[Records from a collection]
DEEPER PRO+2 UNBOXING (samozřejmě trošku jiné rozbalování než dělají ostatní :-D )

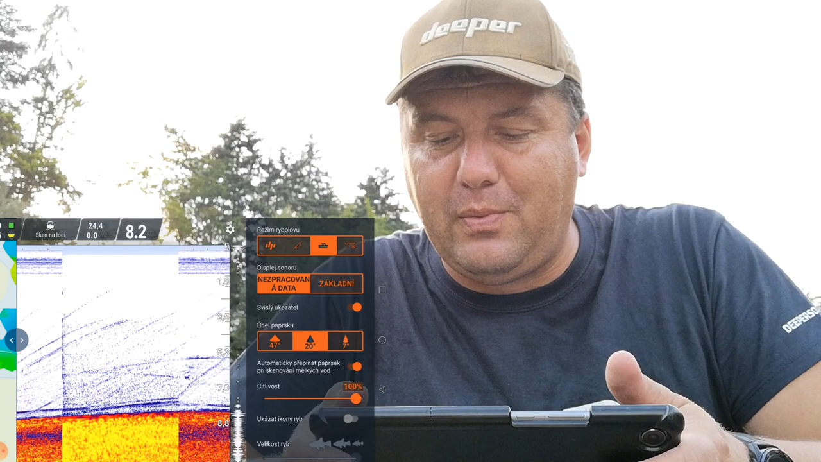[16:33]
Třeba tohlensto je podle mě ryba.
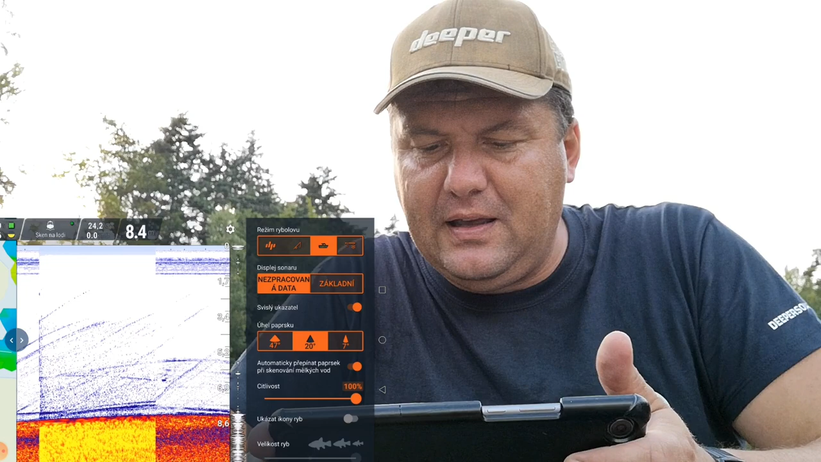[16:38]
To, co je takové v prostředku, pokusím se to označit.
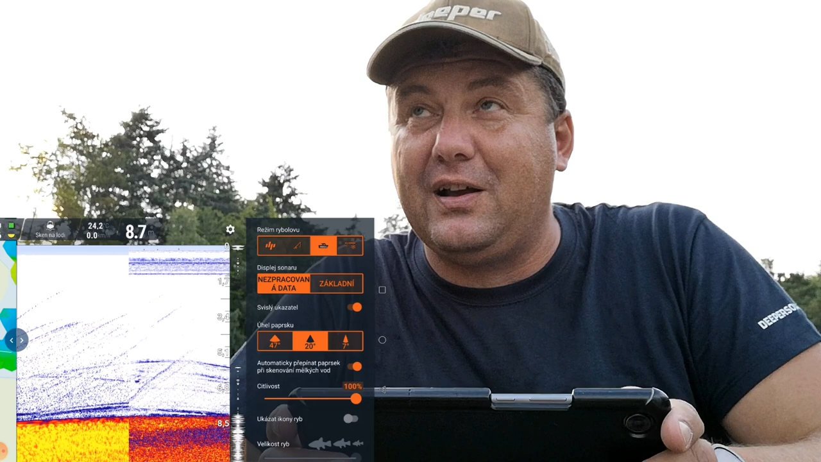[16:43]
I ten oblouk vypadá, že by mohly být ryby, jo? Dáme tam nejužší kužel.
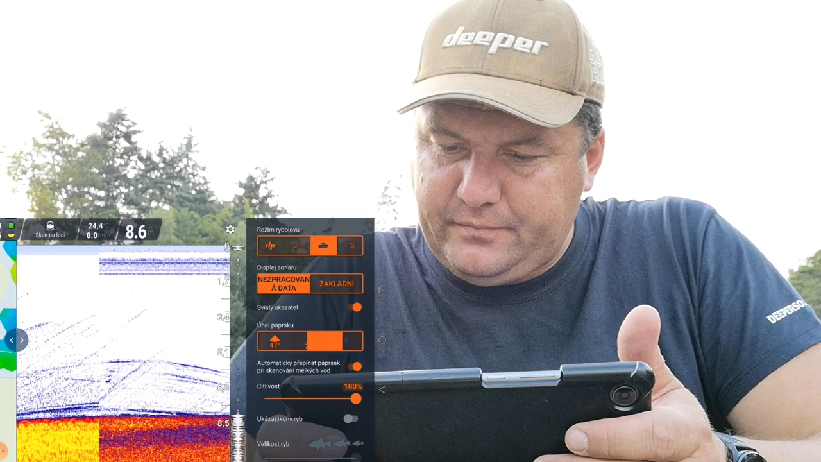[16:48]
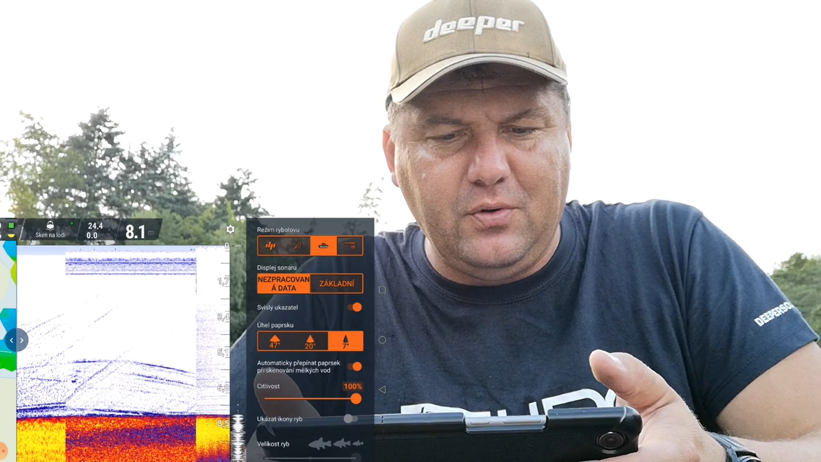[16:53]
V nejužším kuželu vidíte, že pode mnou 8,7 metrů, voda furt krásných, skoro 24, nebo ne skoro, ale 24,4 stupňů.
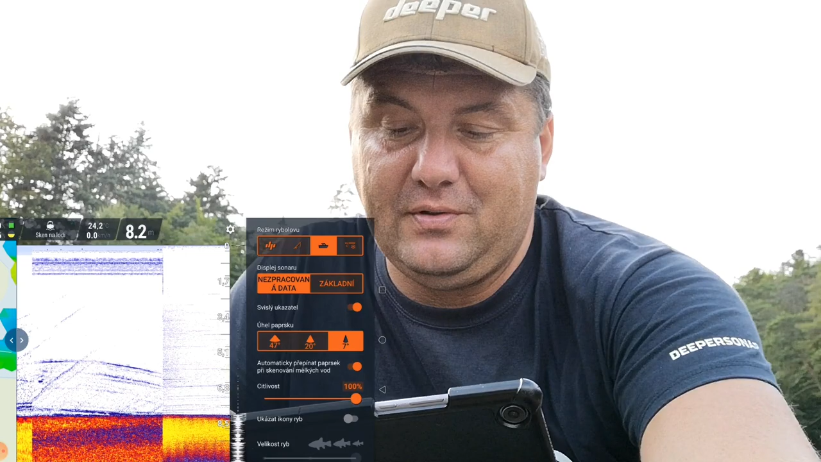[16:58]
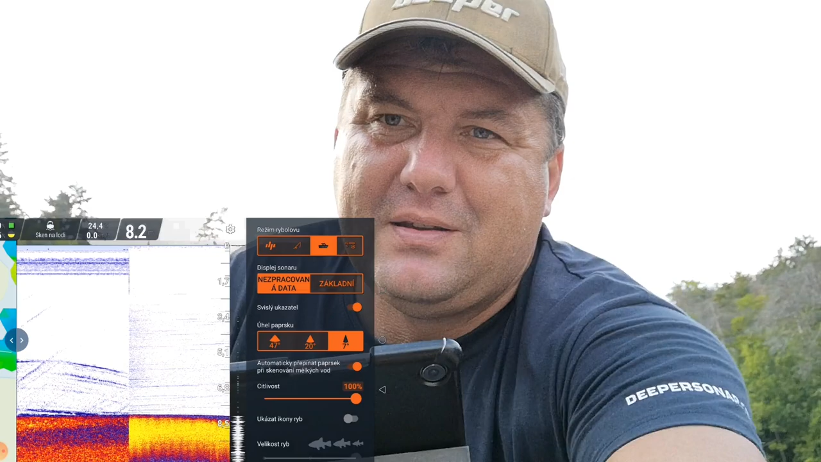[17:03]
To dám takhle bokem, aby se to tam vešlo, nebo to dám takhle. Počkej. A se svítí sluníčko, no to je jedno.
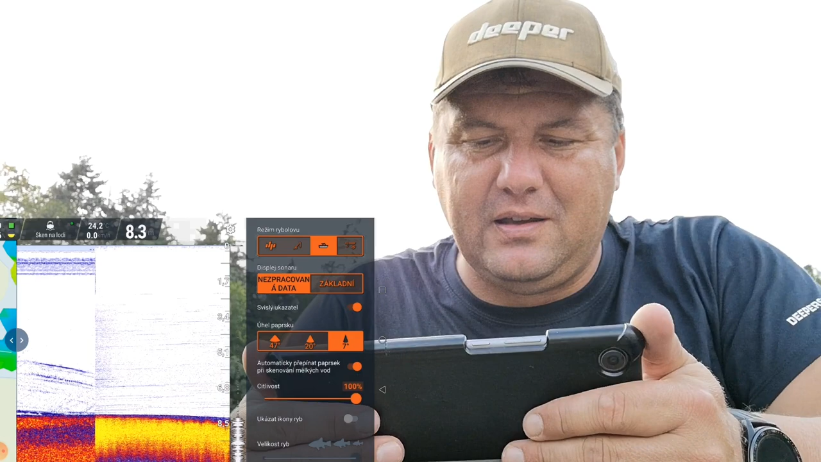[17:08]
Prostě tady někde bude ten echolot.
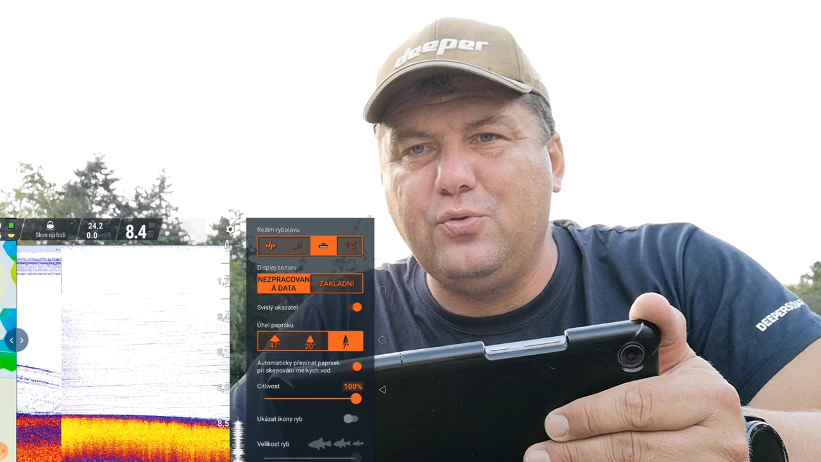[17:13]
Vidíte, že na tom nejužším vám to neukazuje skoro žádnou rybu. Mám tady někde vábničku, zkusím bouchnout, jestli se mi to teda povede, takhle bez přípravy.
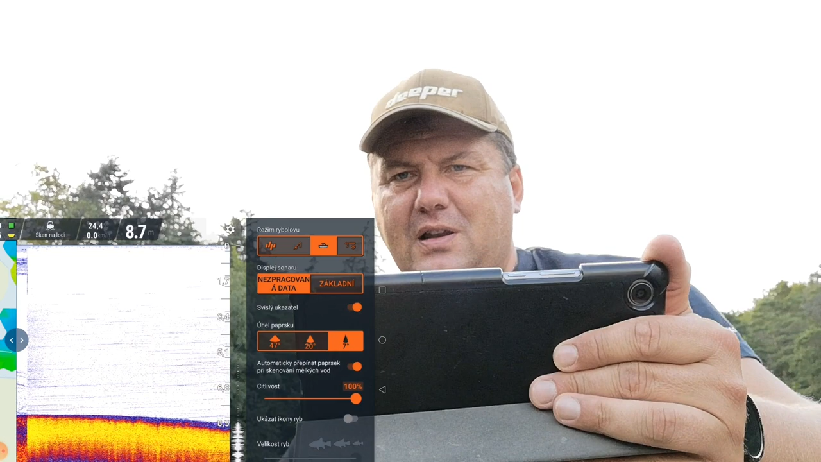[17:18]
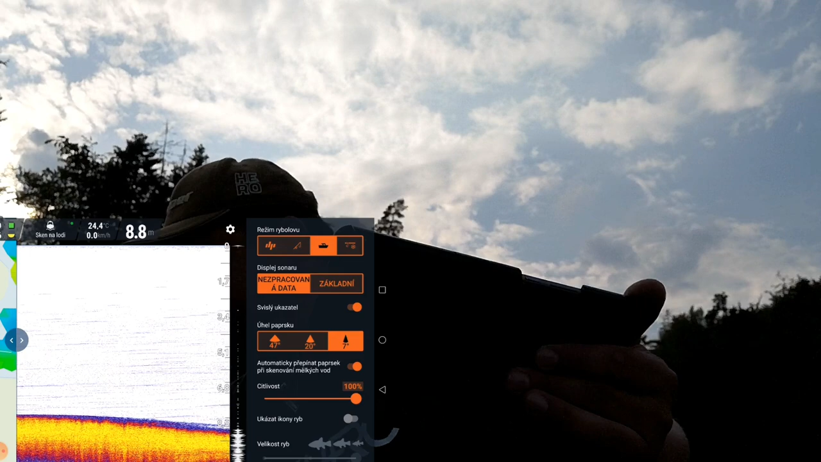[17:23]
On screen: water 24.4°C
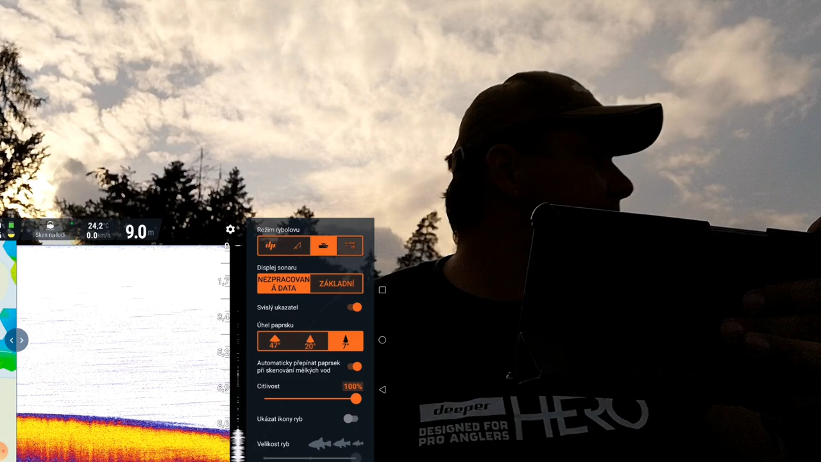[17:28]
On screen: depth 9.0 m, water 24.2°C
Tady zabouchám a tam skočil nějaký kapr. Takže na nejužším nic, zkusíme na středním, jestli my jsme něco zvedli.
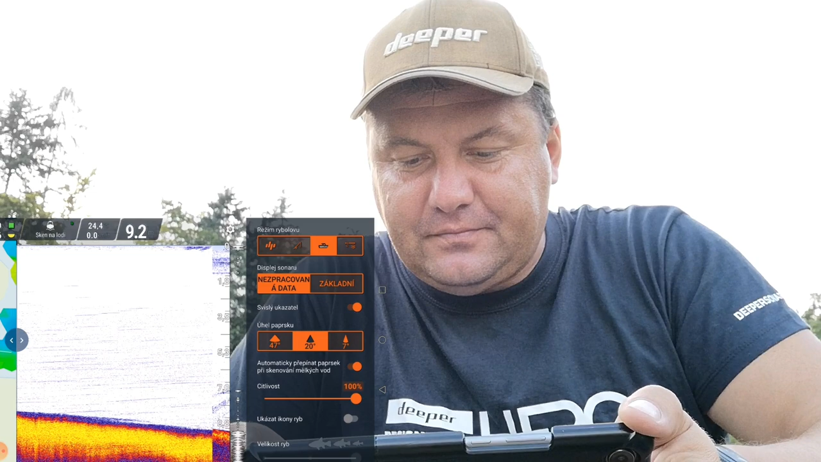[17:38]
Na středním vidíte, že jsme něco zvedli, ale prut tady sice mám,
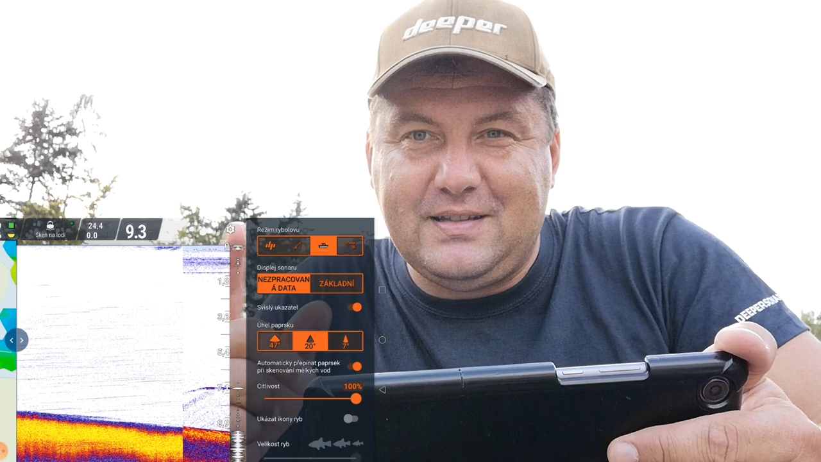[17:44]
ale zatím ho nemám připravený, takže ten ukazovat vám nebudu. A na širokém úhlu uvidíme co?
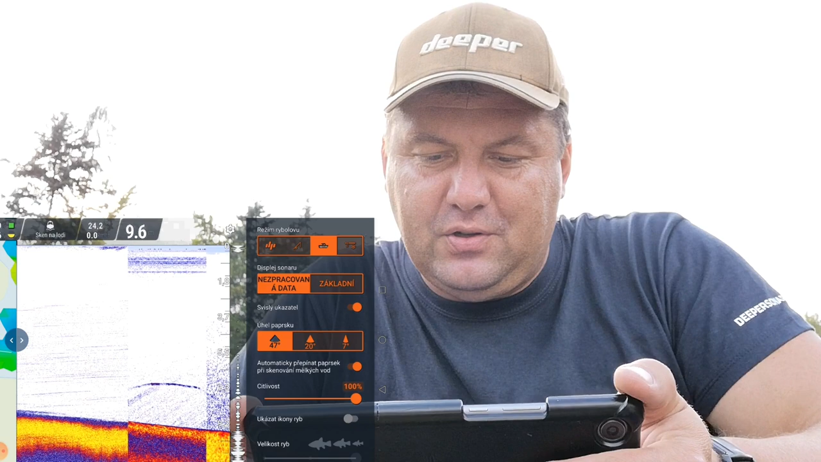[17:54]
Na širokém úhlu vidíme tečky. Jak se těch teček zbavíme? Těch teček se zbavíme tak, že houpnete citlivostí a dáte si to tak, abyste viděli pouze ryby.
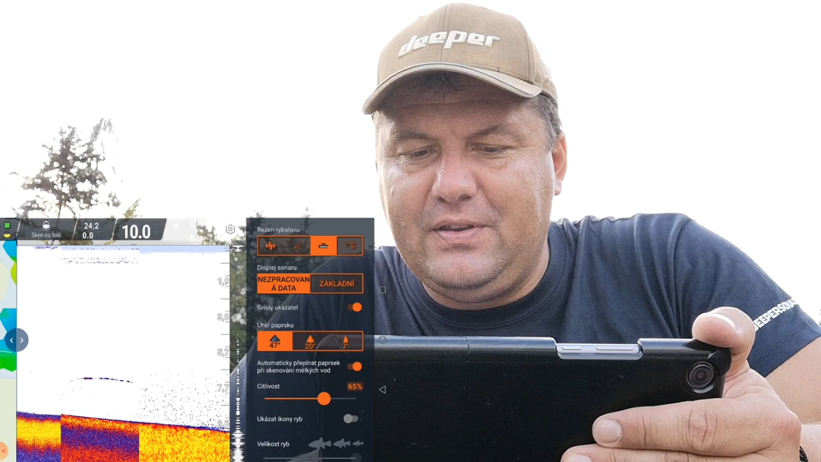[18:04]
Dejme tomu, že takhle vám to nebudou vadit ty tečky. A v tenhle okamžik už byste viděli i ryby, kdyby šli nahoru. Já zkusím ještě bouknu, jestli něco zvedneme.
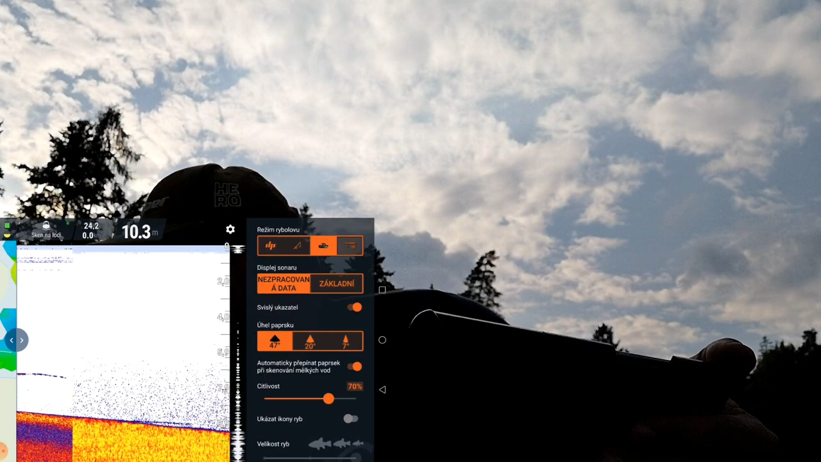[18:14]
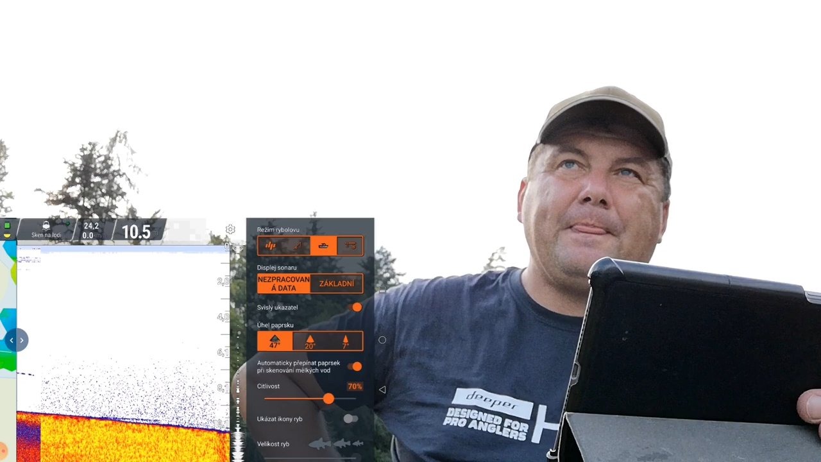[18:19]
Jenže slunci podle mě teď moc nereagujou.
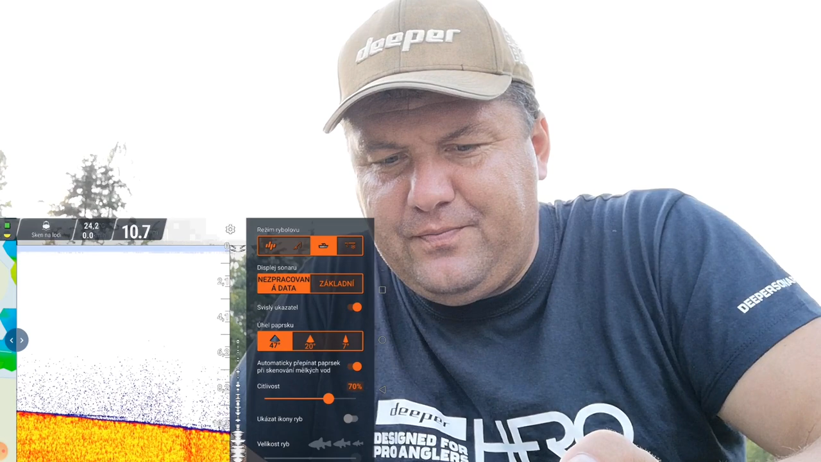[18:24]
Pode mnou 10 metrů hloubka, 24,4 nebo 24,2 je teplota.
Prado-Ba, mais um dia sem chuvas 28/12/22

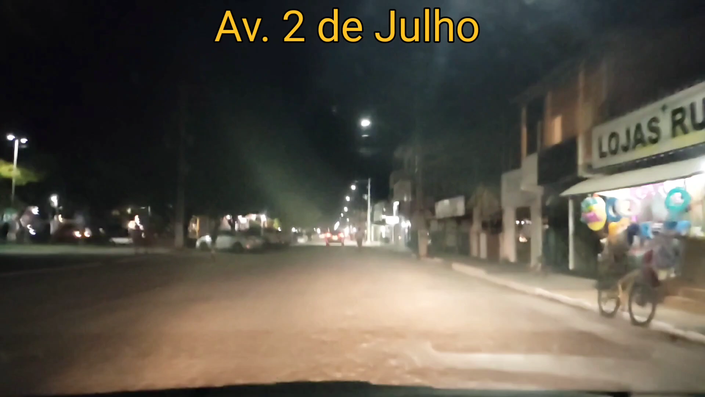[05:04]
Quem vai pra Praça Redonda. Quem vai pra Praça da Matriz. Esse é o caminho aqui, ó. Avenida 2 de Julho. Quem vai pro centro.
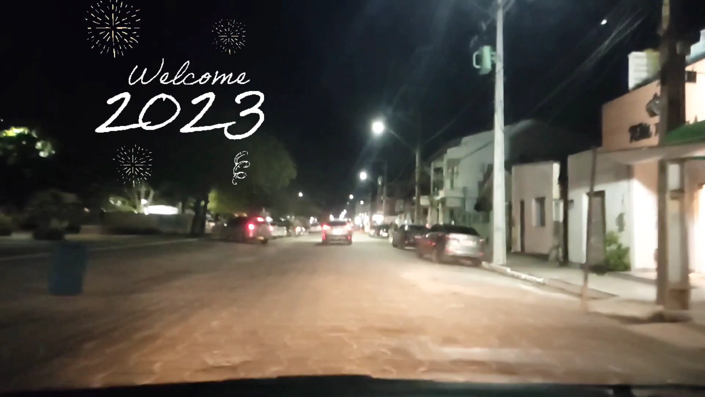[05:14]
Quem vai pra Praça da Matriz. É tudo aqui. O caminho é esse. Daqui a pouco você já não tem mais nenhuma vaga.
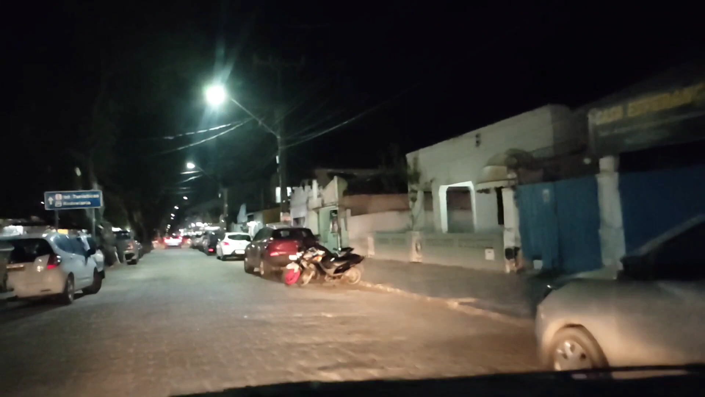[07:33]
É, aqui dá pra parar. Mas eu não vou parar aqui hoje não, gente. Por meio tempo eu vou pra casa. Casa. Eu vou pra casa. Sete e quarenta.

## Problem to work on
If an entry contains an image, print the rest of that entry exactly and leave the image out.

## Solution below
DEEPER PRO+2 UNBOXING (samozřejmě trošku jiné rozbalování než dělají ostatní :-D )

[16:33]
Třeba tohlensto je podle mě ryba.
[16:38]
To, co je takové v prostředku, pokusím se to označit.
[16:43]
I ten oblouk vypadá, že by mohly být ryby, jo? Dáme tam nejužší kužel.
[16:48]
[16:53]
V nejužším kuželu vidíte, že pode mnou 8,7 metrů, voda furt krásných, skoro 24, nebo ne skoro, ale 24,4 stupňů.
[16:58]
[17:03]
To dám takhle bokem, aby se to tam vešlo, nebo to dám takhle. Počkej. A se svítí sluníčko, no to je jedno.
[17:08]
Prostě tady někde bude ten echolot.
[17:13]
Vidíte, že na tom nejužším vám to neukazuje skoro žádnou rybu. Mám tady někde vábničku, zkusím bouchnout, jestli se mi to teda povede, takhle bez přípravy.
[17:18]
[17:23]
On screen: water 24.4°C
[17:28]
On screen: depth 9.0 m, water 24.2°C
Tady zabouchám a tam skočil nějaký kapr. Takže na nejužším nic, zkusíme na středním, jestli my jsme něco zvedli.
[17:38]
Na středním vidíte, že jsme něco zvedli, ale prut tady sice mám,
[17:44]
ale zatím ho nemám připravený, takže ten ukazovat vám nebudu. A na širokém úhlu uvidíme co?
[17:54]
Na širokém úhlu vidíme tečky. Jak se těch teček zbavíme? Těch teček se zbavíme tak, že houpnete citlivostí a dáte si to tak, abyste viděli pouze ryby.
[18:04]
Dejme tomu, že takhle vám to nebudou vadit ty tečky. A v tenhle okamžik už byste viděli i ryby, kdyby šli nahoru. Já zkusím ještě bouknu, jestli něco zvedneme.
[18:14]
[18:19]
Jenže slunci podle mě teď moc nereagujou.
[18:24]
Pode mnou 10 metrů hloubka, 24,4 nebo 24,2 je teplota.
Prado-Ba, mais um dia sem chuvas 28/12/22

[05:04]
Quem vai pra Praça Redonda. Quem vai pra Praça da Matriz. Esse é o caminho aqui, ó. Avenida 2 de Julho. Quem vai pro centro.
[05:14]
Quem vai pra Praça da Matriz. É tudo aqui. O caminho é esse. Daqui a pouco você já não tem mais nenhuma vaga.
[07:33]
É, aqui dá pra parar. Mas eu não vou parar aqui hoje não, gente. Por meio tempo eu vou pra casa. Casa. Eu vou pra casa. Sete e quarenta.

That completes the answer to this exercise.